Regulo grunted his approval. “Where were you twenty years ago, when we were designing the Icarus solar scoop? I could have used your head on that. Most people don’t seem to be able to think straight even when they have all the facts.”

“Twenty years ago? I’d just lost my first milk tooth.”

“Aye. God knows it, I’m getting old.” Regulo rubbed at his lined forehead with a thin, veined hand. “Twenty years ago, to me it’s like yesterday. One more thing for you to think about, then we’ll pack this in and do some work on the beanstalk. From what you’ve seen of this so far, do you see any problems when we go to a really big one? Say, when we spin up Lutetia?”

Rob shrugged. “Well, there’s one obvious problem. You can’t possibly extend the proboscis far enough to penetrate through to the center of something that big. So you’ll have to mine the heavy materials on the outside first, even if that’s not the way you’d prefer to do it. I can see cases where you might want to get at the lighter metals and the volatiles first.”

“I’ve worried about that one, too. At the moment I’m playing with the idea of zone melting, but I’m not completely happy with it.” Regulo watched and waited in silence, while Rob mulled over that problem.

“I see what you mean,” Rob said at last. “You’re assuming that the materials are scattered fairly uniformly through the whole body of the asteroid. That looks like a big assumption to me — unless you’ve checked it some other way?”

Regulo shook his head. “The theory of formation suggests that most of the volatiles will be on the outside. I would melt just the first couple of kilometers in from the surface, and mine there first. I think the Spider could tap that deeply without much trouble.”
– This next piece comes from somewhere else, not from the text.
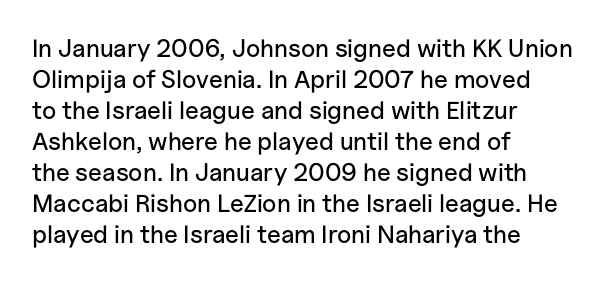
Q: Is the text italic (slanted)? A: No, it is upright.
Q: Is the text underlined? A: No.
Q: How is the paragraph aligned? A: Left-aligned.
Q: Is the spacing between letters normal or unusually wide? A: Normal.

“And leave the middle solid until you want to melt further?” Rob looked thoughtful. “I don’t have your experience on differential melting. The Spider can do it all right, that’s not the issue. But I’m still not comfortable with the idea. Let me think about this for a few days and see if I come up with anything better. It’s not efficient to switch the power on and off, and I would expect that zone melting will give you problems with rotational stability.”